Zoals bij de meesten was mijn eerste kennismaking met Kansas via single
Dust in the Wind, voorjaar 1978 een hit in Nederland. Toen ik drie jaar later de bijbehorende lp kon lenen, aarzelde ik niet.
Als dit streaming was geweest, was ik vermoedelijk weggezapt. De single was de enige ballade en verder stond er niet rechttoe hardrock/metal of sferische new wave op, mijn favoriete oormaaltijden in 1981. Maar het was vinyl. Ik had nauwelijks platen en voor het lenen uit de bieb was betaald met mijn fietsverslindende krantenwijk.
Dus zette ik ‘m nogmaals op. En nog een keer. Etcetera. Geleidelijk wende ik aan de nieuwe wereld die ik was ingestapt, om uiteindelijk tot de conclusie te komen dat dit ge-ni-aal was.
Ik zou meer symfonische rock gaan ontdekken, of progrock zoals het tegenwoordig wordt genoemd. Toch blijft dit mijn favo band in dit genre. Sterker nog, als ik naar een onbewoond eiland mét elektriciteit zou worden verbannen met als enige gunst het meenemen van één album, dan zou het er eentje van Kansas zijn. De redenen hiervoor klinken allemaal op
Point of Know Return (mooie woordspeling vind ik dit nog altijd, een mini-levenswijsheid die je op kruispunten in je leven tegenkomt).

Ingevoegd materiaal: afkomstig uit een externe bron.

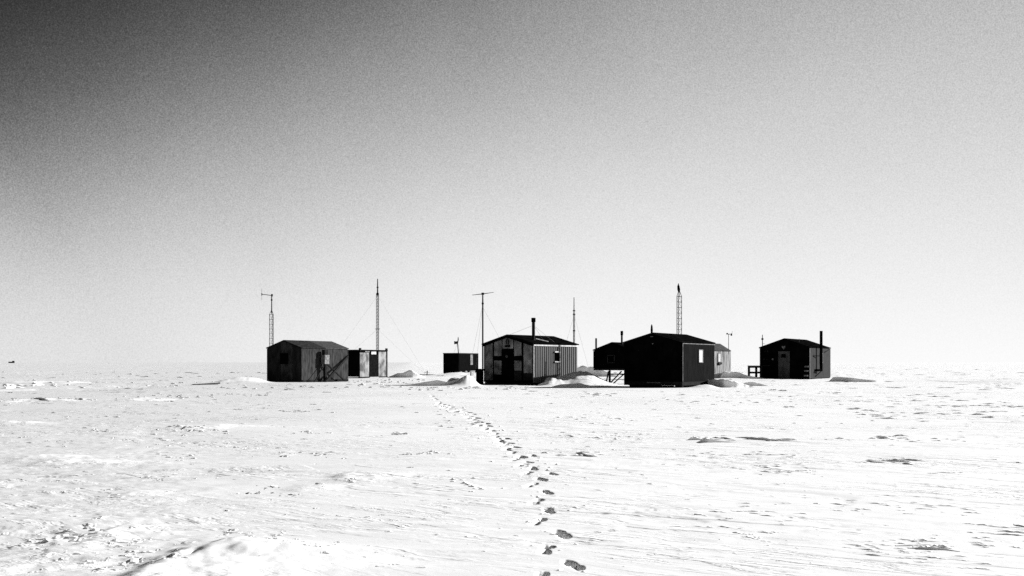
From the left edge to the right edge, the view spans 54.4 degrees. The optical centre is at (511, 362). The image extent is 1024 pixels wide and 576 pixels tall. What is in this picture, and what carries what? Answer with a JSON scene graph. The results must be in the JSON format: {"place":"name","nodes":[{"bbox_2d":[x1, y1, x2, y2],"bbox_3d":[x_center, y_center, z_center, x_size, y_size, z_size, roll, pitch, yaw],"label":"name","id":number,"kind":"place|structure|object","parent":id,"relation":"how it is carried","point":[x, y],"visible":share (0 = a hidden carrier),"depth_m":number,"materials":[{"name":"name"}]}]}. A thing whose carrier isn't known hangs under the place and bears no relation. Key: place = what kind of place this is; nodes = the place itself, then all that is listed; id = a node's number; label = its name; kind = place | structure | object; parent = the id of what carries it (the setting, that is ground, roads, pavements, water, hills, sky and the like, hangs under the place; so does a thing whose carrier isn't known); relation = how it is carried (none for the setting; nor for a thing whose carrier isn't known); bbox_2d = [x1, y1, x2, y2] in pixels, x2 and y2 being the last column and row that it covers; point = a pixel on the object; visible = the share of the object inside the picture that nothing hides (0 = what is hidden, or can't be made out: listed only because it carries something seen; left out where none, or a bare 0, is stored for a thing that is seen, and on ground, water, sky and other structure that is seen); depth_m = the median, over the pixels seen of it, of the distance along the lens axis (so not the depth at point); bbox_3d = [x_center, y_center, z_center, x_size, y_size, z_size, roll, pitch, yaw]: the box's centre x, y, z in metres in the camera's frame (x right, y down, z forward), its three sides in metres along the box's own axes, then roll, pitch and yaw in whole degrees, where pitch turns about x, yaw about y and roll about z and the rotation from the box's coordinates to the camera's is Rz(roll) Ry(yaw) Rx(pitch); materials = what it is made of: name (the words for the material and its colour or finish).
{"place":"outdoors","nodes":[
{"label":"outdoors","id":0,"kind":"place"},
{"bbox_2d":[0,362,1023,575],"bbox_3d":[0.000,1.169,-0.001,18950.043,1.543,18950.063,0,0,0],"label":"snow field","id":1,"kind":"structure","parent":0,"point":[625,499],"depth_m":14.14,"materials":[{"name":"white snow"}]},
{"bbox_2d":[4,386,24,388],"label":"snow drift","id":2,"kind":"object","parent":1,"relation":"on","point":[14,387],"visible":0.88,"depth_m":63.32,"materials":[{"name":"white snow"}]},
{"bbox_2d":[34,397,52,400],"bbox_3d":[-18.972,1.513,40.473,2.190,0.204,0.738,0,0,45],"label":"snow drift","id":3,"kind":"object","parent":1,"relation":"on","point":[45,399],"visible":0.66,"depth_m":39.77,"materials":[{"name":"white snow"}]},
{"bbox_2d":[261,293,273,345],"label":"lattice mast","id":4,"kind":"object","parent":1,"relation":"on","point":[271,295],"visible":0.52,"depth_m":92.88,"materials":[{"name":"metal"}]},
{"bbox_2d":[266,340,348,381],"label":"hut","id":5,"kind":"object","parent":1,"relation":"on","point":[293,360],"visible":0.94,"depth_m":81.23,"materials":[{"name":"black paint"}]},
{"bbox_2d":[280,353,287,363],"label":"window","id":6,"kind":"structure","parent":5,"relation":"in","point":[283,356],"depth_m":80.74,"materials":[{"name":"black paint"}]},
{"bbox_2d":[314,350,346,381],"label":"instrument stand","id":7,"kind":"object","parent":1,"relation":"on","point":[325,359],"visible":0.89,"depth_m":81.94,"materials":[{"name":"grey metal"}]},
{"bbox_2d":[324,355,348,381],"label":"plank","id":8,"kind":"object","parent":1,"relation":"on","point":[336,368],"visible":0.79,"depth_m":83.26,"materials":[{"name":"black wood"}]},
{"bbox_2d":[348,348,387,377],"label":"shed","id":9,"kind":"structure","parent":1,"relation":"on","point":[367,363],"depth_m":102.33,"materials":[{"name":"white paint"}]},
{"bbox_2d":[370,354,377,376],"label":"door","id":10,"kind":"structure","parent":9,"relation":"in","point":[373,358],"depth_m":103.15,"materials":[{"name":"black wood"}]},
{"bbox_2d":[342,279,424,371],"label":"guyed mast","id":11,"kind":"object","parent":1,"relation":"on","point":[377,294],"visible":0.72,"depth_m":112.91,"materials":[{"name":"metal"}]},
{"bbox_2d":[389,370,423,377],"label":"snow drift","id":12,"kind":"object","parent":1,"relation":"on","point":[410,374],"visible":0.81,"depth_m":102.89,"materials":[{"name":"white snow"}]},
{"bbox_2d":[401,378,460,385],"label":"snow drift","id":13,"kind":"object","parent":1,"relation":"on","point":[436,383],"visible":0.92,"depth_m":69.16,"materials":[{"name":"white snow"}]},
{"bbox_2d":[443,353,477,373],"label":"container","id":14,"kind":"object","parent":1,"relation":"on","point":[458,362],"visible":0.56,"depth_m":126.71,"materials":[{"name":"black metal"}]},
{"bbox_2d":[476,369,483,384],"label":"storage bin","id":15,"kind":"object","parent":1,"relation":"on","point":[479,376],"visible":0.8,"depth_m":72.44,"materials":[{"name":"black paint"}]},
{"bbox_2d":[471,292,498,383],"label":"aerial pole","id":16,"kind":"object","parent":1,"relation":"on","point":[482,294],"visible":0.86,"depth_m":73.94,"materials":[{"name":"metal"}]},
{"bbox_2d":[481,318,578,384],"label":"hut","id":17,"kind":"object","parent":1,"relation":"on","point":[532,359],"visible":0.84,"depth_m":72.52,"materials":[{"name":"black paint"}]},
{"bbox_2d":[502,349,513,382],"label":"door","id":18,"kind":"structure","parent":17,"relation":"in","point":[507,354],"depth_m":72.27,"materials":[{"name":"black paint"}]},
{"bbox_2d":[554,351,560,361],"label":"window","id":19,"kind":"structure","parent":17,"relation":"in","point":[557,353],"depth_m":73.27,"materials":[{"name":"black glass"}]},
{"bbox_2d":[552,383,597,386],"bbox_3d":[4.159,1.501,64.754,3.178,0.319,1.283,0,0,0],"label":"snow drift","id":20,"kind":"object","parent":1,"relation":"on","point":[573,385],"visible":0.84,"depth_m":64.16,"materials":[{"name":"white snow"}]},
{"bbox_2d":[568,297,589,371],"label":"whip mast","id":21,"kind":"object","parent":1,"relation":"on","point":[573,320],"visible":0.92,"depth_m":83.97,"materials":[{"name":"metal"}]},
{"bbox_2d":[576,452,597,456],"bbox_3d":[1.230,1.590,17.139,0.188,0.076,0.955,0,0,-21],"label":"snow drift","id":22,"kind":"object","parent":1,"relation":"on","point":[588,455],"visible":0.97,"depth_m":16.80,"materials":[{"name":"white snow"}]},
{"bbox_2d":[577,365,619,376],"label":"snow drift","id":23,"kind":"object","parent":1,"relation":"on","point":[598,373],"visible":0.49,"depth_m":109.27,"materials":[{"name":"white snow"}]},
{"bbox_2d":[593,331,623,383],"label":"stilt hut","id":24,"kind":"object","parent":1,"relation":"on","point":[609,356],"visible":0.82,"depth_m":71.47,"materials":[{"name":"black paint"}]},
{"bbox_2d":[607,355,614,362],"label":"window","id":25,"kind":"structure","parent":24,"relation":"in","point":[610,358],"depth_m":71.34,"materials":[{"name":"black glass"}]},
{"bbox_2d":[623,324,715,387],"bbox_3d":[10.336,-0.262,65.292,4.153,4.324,5.776,0,0,32],"label":"hut","id":26,"kind":"object","parent":1,"relation":"on","point":[652,359],"visible":0.89,"depth_m":63.27,"materials":[{"name":"black paint"}]},
{"bbox_2d":[646,349,658,359],"bbox_3d":[8.900,-0.465,63.051,0.894,0.705,0.060,0,0,32],"label":"window","id":27,"kind":"structure","parent":26,"relation":"in","point":[651,354],"depth_m":63.04,"materials":[{"name":"black paint"}]},
{"bbox_2d":[698,350,702,362],"bbox_3d":[12.213,-0.395,64.434,0.060,0.849,0.703,0,0,32],"label":"window","id":28,"kind":"structure","parent":26,"relation":"in","point":[700,352],"depth_m":64.36,"materials":[{"name":"white glass"}]},
{"bbox_2d":[677,283,681,333],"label":"lattice mast","id":29,"kind":"object","parent":1,"relation":"on","point":[678,307],"visible":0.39,"depth_m":75.92,"materials":[{"name":"metal"}]},
{"bbox_2d":[688,437,701,439],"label":"snow drift","id":30,"kind":"object","parent":1,"relation":"on","point":[693,438],"visible":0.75,"depth_m":20.68,"materials":[{"name":"white snow"}]},
{"bbox_2d":[698,439,736,442],"bbox_3d":[4.122,1.579,20.046,0.807,0.107,0.387,0,0,0],"label":"snow drift","id":31,"kind":"object","parent":1,"relation":"on","point":[707,440],"visible":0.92,"depth_m":19.90,"materials":[{"name":"white snow"}]},
{"bbox_2d":[714,344,730,372],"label":"hut","id":32,"kind":"object","parent":1,"relation":"on","point":[722,359],"visible":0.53,"depth_m":98.98,"materials":[{"name":"grey"}]},
{"bbox_2d":[718,353,721,363],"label":"window","id":33,"kind":"structure","parent":32,"relation":"in","point":[719,354],"depth_m":98.35,"materials":[{"name":"glass"}]},
{"bbox_2d":[707,379,751,387],"bbox_3d":[13.899,1.396,65.174,2.607,0.675,4.431,0,0,-20],"label":"snow drift","id":34,"kind":"object","parent":1,"relation":"on","point":[723,383],"visible":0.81,"depth_m":63.13,"materials":[{"name":"white snow"}]},
{"bbox_2d":[720,371,763,378],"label":"snow drift","id":35,"kind":"object","parent":1,"relation":"on","point":[724,374],"visible":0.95,"depth_m":90.89,"materials":[{"name":"white snow"}]},
{"bbox_2d":[748,366,761,377],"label":"deck rail","id":36,"kind":"object","parent":1,"relation":"on","point":[755,372],"visible":0.72,"depth_m":93.50,"materials":[{"name":"black wood"}]},
{"bbox_2d":[744,382,766,385],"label":"snow drift","id":37,"kind":"object","parent":1,"relation":"on","point":[753,384],"visible":0.77,"depth_m":68.03,"materials":[{"name":"white snow"}]},
{"bbox_2d":[736,437,792,440],"bbox_3d":[5.171,1.595,20.633,0.371,0.092,1.696,0,0,-34],"label":"snow drift","id":38,"kind":"object","parent":1,"relation":"on","point":[755,438],"visible":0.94,"depth_m":20.42,"materials":[{"name":"white snow"}]},
{"bbox_2d":[759,331,829,378],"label":"hut","id":39,"kind":"object","parent":1,"relation":"on","point":[785,358],"visible":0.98,"depth_m":93.51,"materials":[{"name":"black paint"}]},
{"bbox_2d":[778,351,789,377],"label":"door","id":40,"kind":"structure","parent":39,"relation":"in","point":[783,356],"depth_m":93.25,"materials":[{"name":"black wood"}]},
{"bbox_2d":[804,365,808,378],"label":"step ladder","id":41,"kind":"object","parent":1,"relation":"on","point":[806,371],"visible":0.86,"depth_m":91.82,"materials":[{"name":"black paint"}]},
{"bbox_2d":[830,377,892,381],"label":"snow drift","id":42,"kind":"object","parent":1,"relation":"on","point":[840,379],"visible":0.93,"depth_m":82.66,"materials":[{"name":"white snow"}]},
{"bbox_2d":[886,460,907,461],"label":"snow drift","id":43,"kind":"object","parent":1,"relation":"on","point":[896,461],"visible":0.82,"depth_m":15.68,"materials":[{"name":"white snow"}]},
{"bbox_2d":[896,544,933,545],"bbox_3d":[3.530,1.613,8.737,0.394,0.044,0.081,0,0,-12],"label":"snow drift","id":44,"kind":"object","parent":1,"relation":"on","point":[915,545],"visible":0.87,"depth_m":8.70,"materials":[{"name":"white snow"}]},
{"bbox_2d":[909,546,959,551],"bbox_3d":[3.618,1.607,8.558,0.415,0.058,0.120,0,0,18],"label":"snow drift","id":45,"kind":"object","parent":1,"relation":"on","point":[936,548],"visible":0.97,"depth_m":8.52,"materials":[{"name":"white snow"}]},
{"bbox_2d":[0,0,1023,361],"label":"sky","id":46,"kind":"structure","parent":0,"point":[850,171],"materials":[{"name":"grey"}]}
]}

Ten eerste de geniale composities van vooral Kerry Livgren, waarin ingewikkelde muzikale hoogstandjes rijkelijk samengaan met pakkende melodieën. Dan de magnifieke stem van Steve Walsh, helder met soms een rauw randje, vól emotie. Vervolgens het briljante, soms furieuze drumwerk van Phil Ehart; ik kan een Kansasplaat opzetten om alleen maar daarop te letten. En ook de heerlijke toetsen- (Walsh en Livgren) en gitaarpartijen (Rich Williams en Livgren), die ingenieus en toch pakkend zijn, op
Sparks of the Tempest zelfs funky. Minder opvallend is het basspel van Dave Hope, die knap de brug slaat van ingewikkelde drumpatronen naar de melodieën van de anderen. Daarbij de teksten van Livgren, die bezig was met een zoektocht naar de zin van zijn bestaan en dat fraai verwoordt, zonder zweverig te worden (zoals
Hopelessly Human). Als uitsmijter noem ik het vioolspel van Robbie Steinhardt, de man die eveneens gezegend was met een prachtige stem; lager dan die van Walsh, waardoor er een heerlijk contrast ontstond.
De heldere productie van Jeff Glixman en de fraaie binnenhoes met enkele geintjes wat betreft de gebruikte instrumenten, maken dit alles af. Sommige keyboardgeluiden klinken met hedendaagse oren ouderwets, maar dat dachten we ooit ook van het hammondorgel of het wah-wahpedaal.
In
Seeds of Change, de biografie van Kerry Livgren, vertelt hij dat
Dust in the Wind ontstond als een tokkeloefening en dat zijn vrouw hem aanspoorde het voor Kansas te gebruiken. Het leverde pardoes de door platenmaatschappijen Kirshner/CBS fel begeerde hitsingle op.
Favoriete nummers kiezen valt mij zwaar. Vandaag zijn dat het gecompliceerde
Closet Chronicles,
Lightning’s Hand met dreigende zang van Steinhardt en het weemoedige
Nobody’s Home met deels een oneven maatsoort.
Een album dat nooit verveelt en het begin werd van een verzameling van hun werk op vinyl, cd en dvd. Bovenaan mijn wenslijstje staan momenteel de moeilijk te verkrijgen biografie van Livgren én het
onlangs verschenen soloalbum van de dit jaar overleden Robbie Steinhardt.